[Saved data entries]
^^^^^^^^

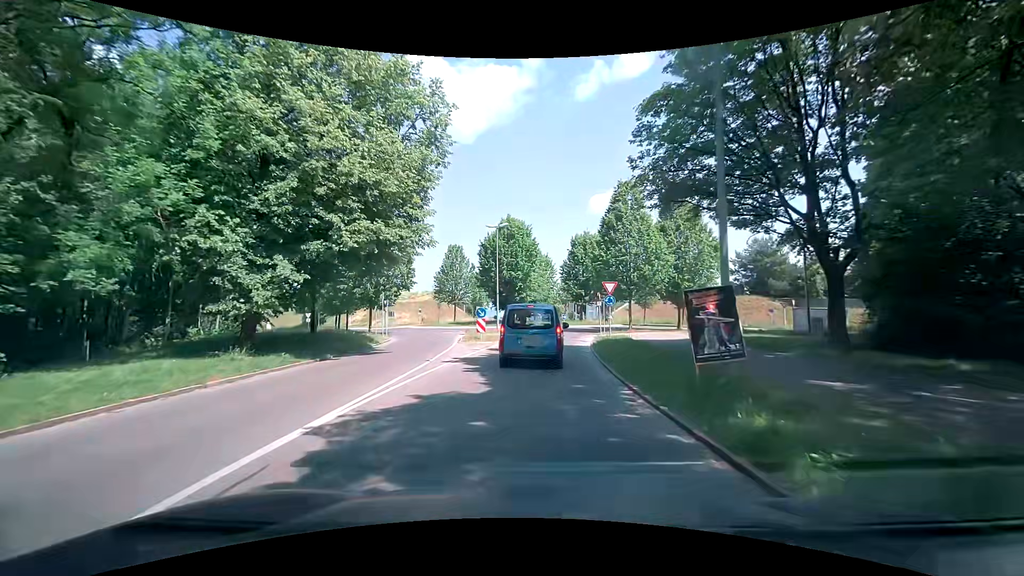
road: tertiary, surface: asphalt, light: Day
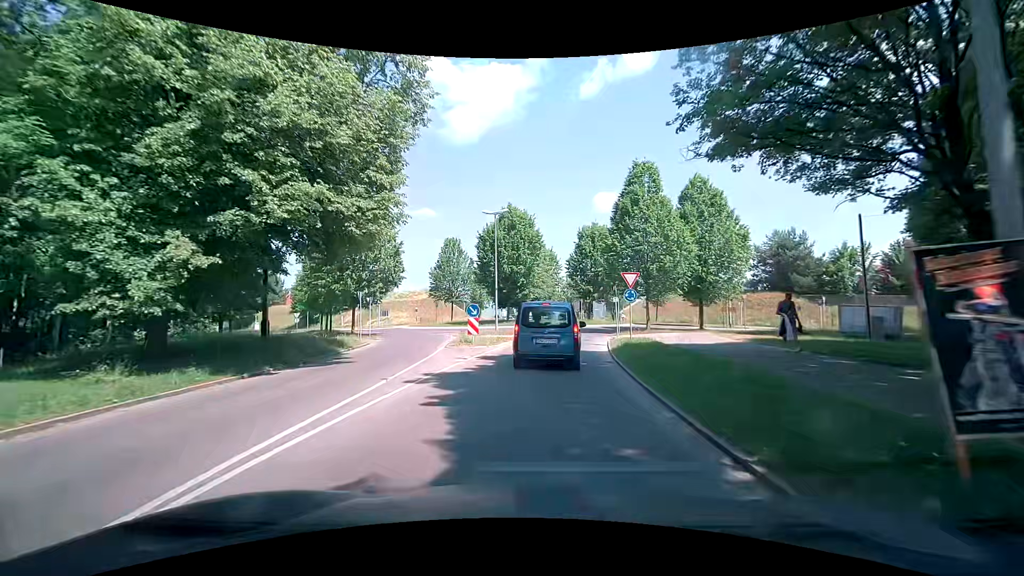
(+0.1, +4.9) m; +1°
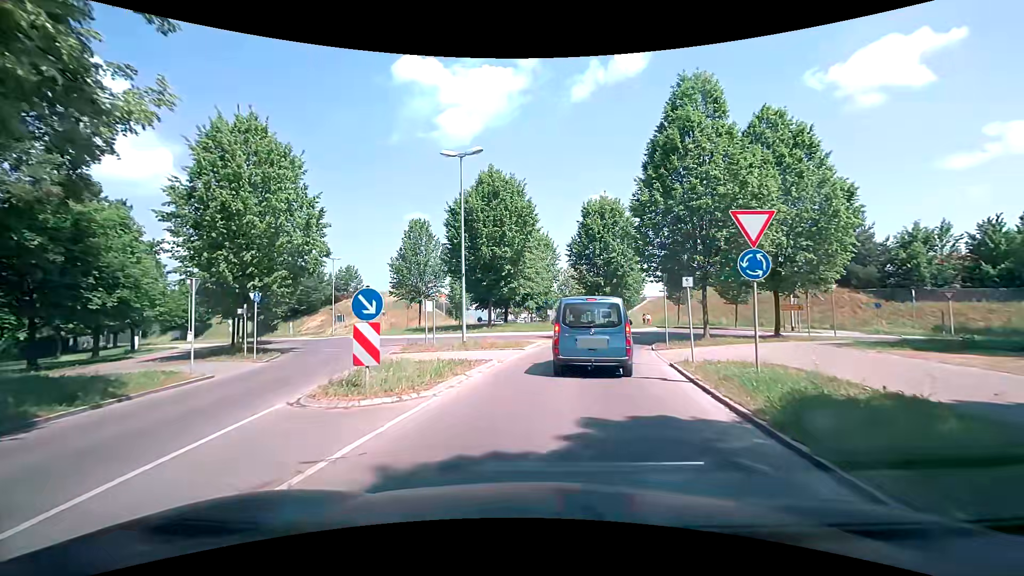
(+0.1, +13.4) m; +1°
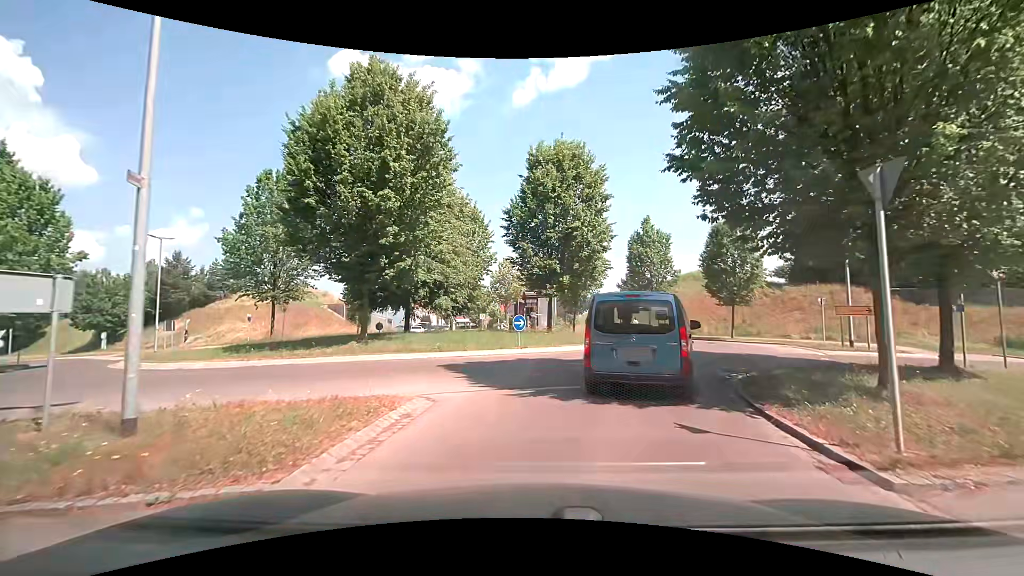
(+0.8, +15.3) m; +7°
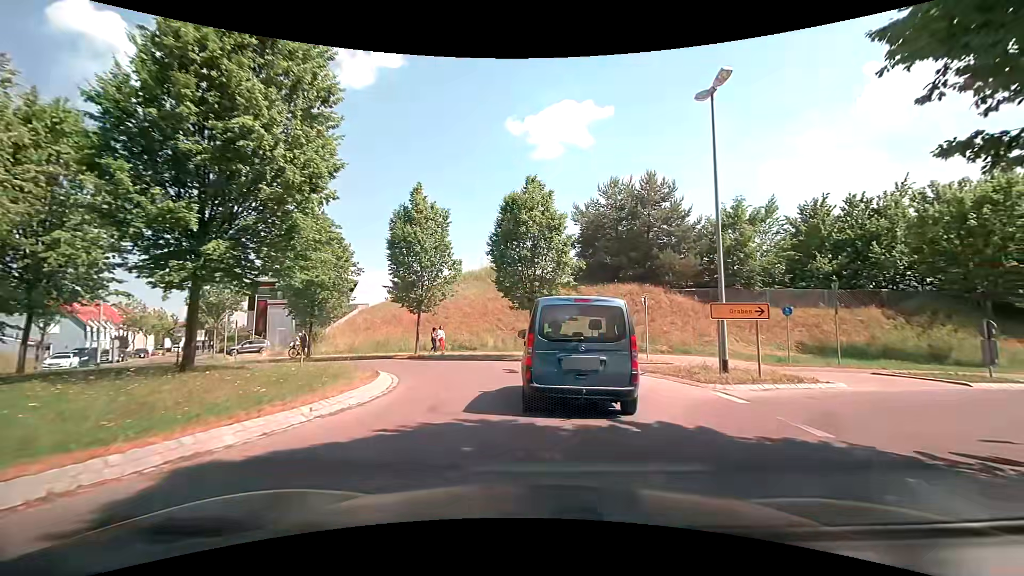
(+2.8, +13.3) m; +25°
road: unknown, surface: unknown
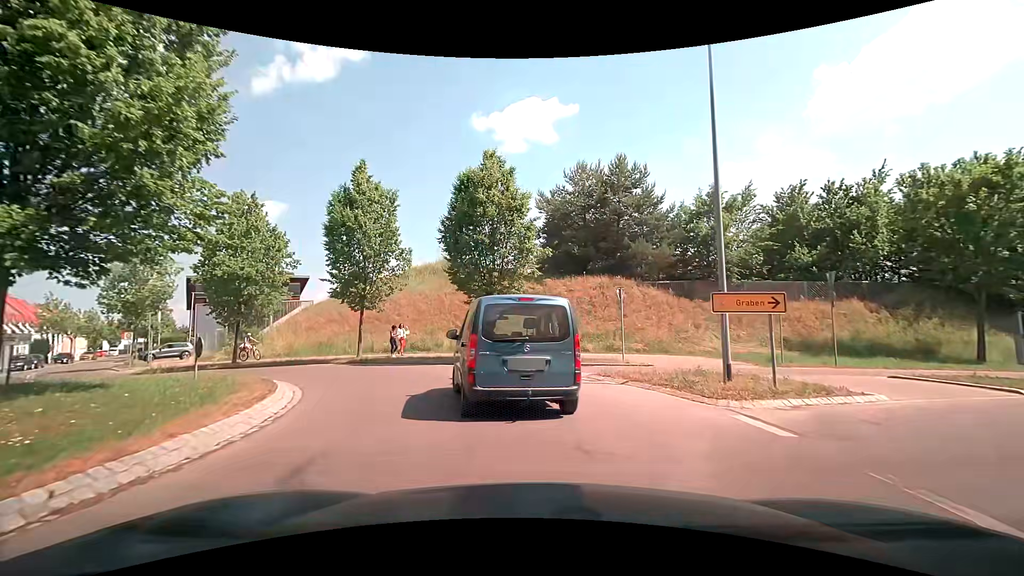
(+0.1, +3.3) m; +4°
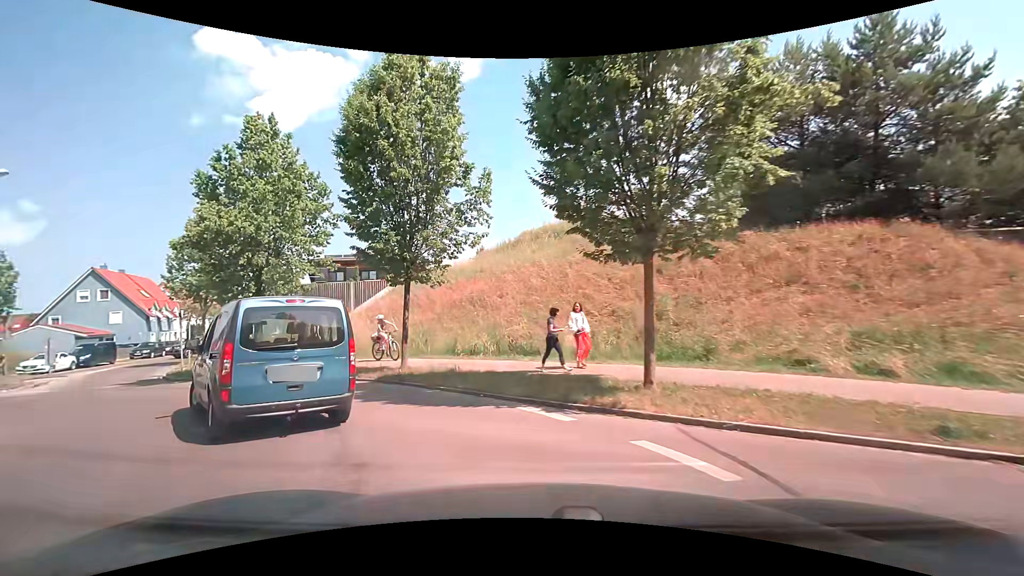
(-0.6, +12.3) m; -16°
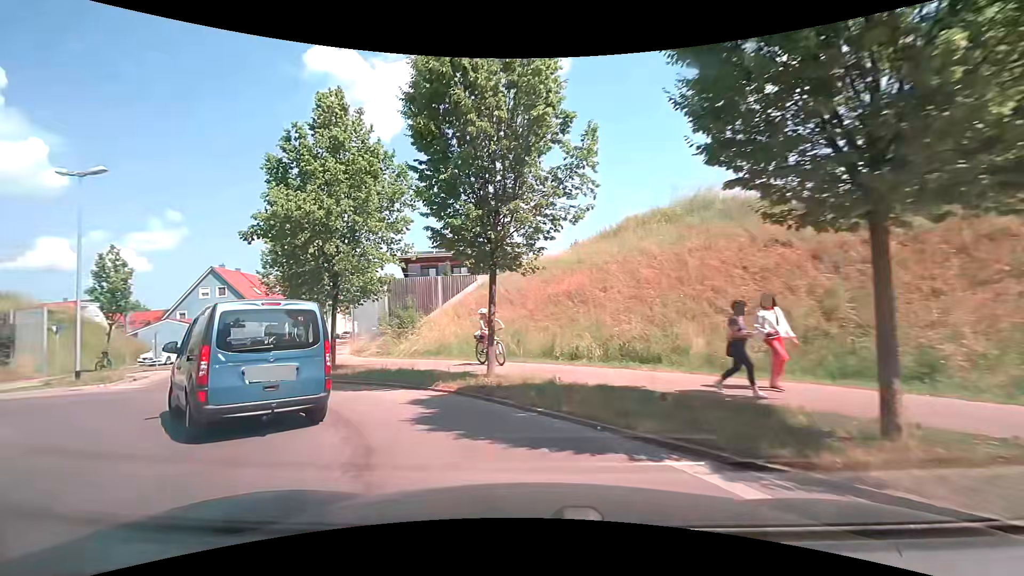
(-0.3, +3.0) m; -11°
(-3, +9) (-12, +15) (-21, +14) (-31, +13) (-41, +13) (-51, +16) (-60, +19) (-70, +23) (-79, +26) (-88, +30) m

^^^^^^^^

Every line above gets copied exactly; none of the pictures do.

**RESPONSE**
road: tertiary, surface: asphalt, light: Day
(+0.1, +4.9) m; +1°
(+0.1, +13.4) m; +1°
(+0.8, +15.3) m; +7°
(+2.8, +13.3) m; +25°
road: unknown, surface: unknown
(+0.1, +3.3) m; +4°
(-0.6, +12.3) m; -16°
(-0.3, +3.0) m; -11°
(-3, +9) (-12, +15) (-21, +14) (-31, +13) (-41, +13) (-51, +16) (-60, +19) (-70, +23) (-79, +26) (-88, +30) m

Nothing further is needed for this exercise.